I could go on, but really, what’s the point? The Alliance lawsuit rests on the extraordinary theory that an immensely controversial drug has been lawful for nearly a quarter-century — a period that includes the entire George W. Bush administration and the entire Trump administration — and, somehow, five different presidential administrations failed to notice that this drug was not properly approved.

This all said, it is difficult to exaggerate just how little Matthew Kacsmaryk is likely to care about what the law actually says. Kacsmaryk is the same judge who unlawfully ordered the Biden administration to implement a Trump-era border policy, and then, after he was reversed by the Supreme Court, did it again. He is the same judge who recently claimed that fathers have a constitutional right to restrict their daughters’ access to birth control.

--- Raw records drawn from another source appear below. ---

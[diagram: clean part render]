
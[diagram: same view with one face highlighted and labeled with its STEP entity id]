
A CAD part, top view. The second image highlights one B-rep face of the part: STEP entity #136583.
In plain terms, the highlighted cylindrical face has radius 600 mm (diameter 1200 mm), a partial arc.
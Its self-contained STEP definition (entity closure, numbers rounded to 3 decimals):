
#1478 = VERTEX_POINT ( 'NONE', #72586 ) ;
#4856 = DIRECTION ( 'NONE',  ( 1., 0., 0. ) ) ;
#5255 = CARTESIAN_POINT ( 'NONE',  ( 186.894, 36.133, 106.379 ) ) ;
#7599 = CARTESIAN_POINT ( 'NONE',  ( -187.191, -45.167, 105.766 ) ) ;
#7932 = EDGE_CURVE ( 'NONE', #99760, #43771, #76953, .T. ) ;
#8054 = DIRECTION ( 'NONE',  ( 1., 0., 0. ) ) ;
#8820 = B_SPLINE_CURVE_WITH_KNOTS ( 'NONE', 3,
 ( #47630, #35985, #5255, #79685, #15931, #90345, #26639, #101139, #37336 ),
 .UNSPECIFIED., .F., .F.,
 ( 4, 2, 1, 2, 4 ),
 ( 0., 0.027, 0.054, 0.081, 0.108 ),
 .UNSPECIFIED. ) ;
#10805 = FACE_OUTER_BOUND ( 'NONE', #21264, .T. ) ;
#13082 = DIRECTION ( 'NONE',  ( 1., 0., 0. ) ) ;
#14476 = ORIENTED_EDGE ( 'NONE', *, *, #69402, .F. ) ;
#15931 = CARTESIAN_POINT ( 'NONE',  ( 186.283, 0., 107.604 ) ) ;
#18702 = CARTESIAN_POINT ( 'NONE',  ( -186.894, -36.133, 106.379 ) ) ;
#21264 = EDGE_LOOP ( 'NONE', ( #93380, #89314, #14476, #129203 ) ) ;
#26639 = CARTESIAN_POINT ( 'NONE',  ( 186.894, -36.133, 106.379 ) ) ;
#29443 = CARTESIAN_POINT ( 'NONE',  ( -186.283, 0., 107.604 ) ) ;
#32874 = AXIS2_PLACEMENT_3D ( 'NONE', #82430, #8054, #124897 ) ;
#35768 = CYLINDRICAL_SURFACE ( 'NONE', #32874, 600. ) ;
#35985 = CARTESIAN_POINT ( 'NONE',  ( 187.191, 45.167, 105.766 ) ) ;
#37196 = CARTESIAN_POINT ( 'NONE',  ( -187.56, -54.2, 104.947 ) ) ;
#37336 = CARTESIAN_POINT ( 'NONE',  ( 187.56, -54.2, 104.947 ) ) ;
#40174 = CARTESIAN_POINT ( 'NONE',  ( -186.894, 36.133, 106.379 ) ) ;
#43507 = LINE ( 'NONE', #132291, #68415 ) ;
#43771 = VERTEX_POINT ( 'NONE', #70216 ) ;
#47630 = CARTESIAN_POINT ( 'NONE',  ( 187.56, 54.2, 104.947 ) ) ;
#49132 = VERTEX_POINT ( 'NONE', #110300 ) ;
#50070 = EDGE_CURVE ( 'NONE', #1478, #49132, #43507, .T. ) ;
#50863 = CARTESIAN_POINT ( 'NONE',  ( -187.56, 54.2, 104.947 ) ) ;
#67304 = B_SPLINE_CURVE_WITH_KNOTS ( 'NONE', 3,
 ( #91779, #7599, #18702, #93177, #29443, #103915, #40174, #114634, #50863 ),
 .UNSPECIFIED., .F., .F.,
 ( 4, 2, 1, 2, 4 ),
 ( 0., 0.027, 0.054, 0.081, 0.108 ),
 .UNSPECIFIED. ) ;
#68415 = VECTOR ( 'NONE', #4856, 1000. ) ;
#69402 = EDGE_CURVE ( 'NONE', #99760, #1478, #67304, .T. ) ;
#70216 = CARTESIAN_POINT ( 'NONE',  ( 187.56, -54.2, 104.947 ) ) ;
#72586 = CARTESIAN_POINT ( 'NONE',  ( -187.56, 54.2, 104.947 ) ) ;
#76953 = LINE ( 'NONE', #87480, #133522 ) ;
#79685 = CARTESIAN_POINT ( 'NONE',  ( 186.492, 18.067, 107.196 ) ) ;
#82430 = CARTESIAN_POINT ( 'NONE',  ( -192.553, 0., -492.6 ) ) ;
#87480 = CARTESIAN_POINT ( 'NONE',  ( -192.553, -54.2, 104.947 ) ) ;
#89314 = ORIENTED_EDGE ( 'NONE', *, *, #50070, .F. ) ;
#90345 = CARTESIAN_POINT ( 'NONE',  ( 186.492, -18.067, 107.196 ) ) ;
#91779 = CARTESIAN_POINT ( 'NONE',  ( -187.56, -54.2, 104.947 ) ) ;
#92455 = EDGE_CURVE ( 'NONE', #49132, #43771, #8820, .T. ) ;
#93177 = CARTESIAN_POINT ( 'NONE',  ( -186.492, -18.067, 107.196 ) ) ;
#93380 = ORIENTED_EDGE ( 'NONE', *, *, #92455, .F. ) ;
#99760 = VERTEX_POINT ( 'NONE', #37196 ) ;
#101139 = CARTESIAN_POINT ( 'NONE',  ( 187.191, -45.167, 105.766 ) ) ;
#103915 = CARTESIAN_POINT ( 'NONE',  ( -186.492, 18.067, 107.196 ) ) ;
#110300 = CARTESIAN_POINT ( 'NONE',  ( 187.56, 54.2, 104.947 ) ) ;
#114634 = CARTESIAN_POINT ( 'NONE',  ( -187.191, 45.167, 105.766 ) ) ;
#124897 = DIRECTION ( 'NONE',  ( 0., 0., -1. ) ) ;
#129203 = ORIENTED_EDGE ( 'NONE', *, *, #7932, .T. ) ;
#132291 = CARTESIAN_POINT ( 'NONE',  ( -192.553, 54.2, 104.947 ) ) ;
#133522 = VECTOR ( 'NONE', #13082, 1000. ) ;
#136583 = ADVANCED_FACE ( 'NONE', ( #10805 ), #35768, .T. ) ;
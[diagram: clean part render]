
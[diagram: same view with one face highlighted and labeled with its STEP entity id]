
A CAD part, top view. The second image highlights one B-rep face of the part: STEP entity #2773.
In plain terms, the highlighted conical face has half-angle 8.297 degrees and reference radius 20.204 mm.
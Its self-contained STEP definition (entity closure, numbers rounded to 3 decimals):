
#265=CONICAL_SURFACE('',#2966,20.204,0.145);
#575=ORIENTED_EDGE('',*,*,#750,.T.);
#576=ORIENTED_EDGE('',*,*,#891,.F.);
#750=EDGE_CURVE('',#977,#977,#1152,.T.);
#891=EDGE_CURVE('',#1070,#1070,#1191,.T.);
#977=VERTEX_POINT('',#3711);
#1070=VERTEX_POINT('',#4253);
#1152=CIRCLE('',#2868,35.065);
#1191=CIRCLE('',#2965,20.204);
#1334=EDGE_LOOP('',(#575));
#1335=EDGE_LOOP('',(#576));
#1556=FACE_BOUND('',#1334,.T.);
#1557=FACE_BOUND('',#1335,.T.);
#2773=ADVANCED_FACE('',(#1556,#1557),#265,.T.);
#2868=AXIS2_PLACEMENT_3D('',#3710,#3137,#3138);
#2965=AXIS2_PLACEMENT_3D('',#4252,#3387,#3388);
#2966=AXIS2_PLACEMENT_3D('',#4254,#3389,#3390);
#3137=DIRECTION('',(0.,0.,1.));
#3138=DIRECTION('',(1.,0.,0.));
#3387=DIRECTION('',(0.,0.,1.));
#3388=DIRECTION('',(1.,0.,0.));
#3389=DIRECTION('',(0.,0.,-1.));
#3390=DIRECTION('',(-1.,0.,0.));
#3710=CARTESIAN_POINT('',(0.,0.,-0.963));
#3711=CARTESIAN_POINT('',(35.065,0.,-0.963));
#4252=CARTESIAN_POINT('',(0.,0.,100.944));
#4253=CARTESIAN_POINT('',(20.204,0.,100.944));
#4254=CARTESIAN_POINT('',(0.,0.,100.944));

So, while it is possible that this lawsuit will prove too much even for Kacsmaryk, his record suggests he might leap at this chance to impose his conservative personal views on others.

As a matter of law, it’s unclear what would even happen if Kacsmaryk rules that the FDA acted unlawfully when it approved mifepristone as an abortion-inducing drug in 2000. As Nathan Cortez, a law professor at Southern Methodist University, told me over email, mifepristone has “other FDA-approved uses completely separate” from its use as an abortifacient — it’s “approved for patients with Cushing’s syndrome and Type 2 diabetes.” So doctors most likely could still write “off-label” mifepristone prescriptions for abortion patients even if the drug were no longer approved for that purpose.

But what if Kacsmaryk issues a broad order that also purports to ban off-label use of the drug? Ultimately, the only thing we know for sure about the Alliance case is that, at some point, Kacsmaryk will issue an order concerning the legality of a very common abortion drug. And, if Kacsmaryk behaves as he has in past cases, the scope of that order will be limited only by his own desires and ambitions.

If that were not bad enough news for patients seeking abortions, this drama is likely to repeat itself over and over again as states pass restrictions, and as other litigants try to use the courts to stop the distribution of mifepristone.

The future of abortion rights in the United States, in other words, is likely to be chaos — and this is especially true for anyone seeking a medication abortion. Without Roe to protect abortion patients, those patients’ rights are subject to laws from another era, as well as newer abortion restrictions that have not been interpreted by any court. And those patients’ rights can be cut off at any time by the likes of Kacsmaryk.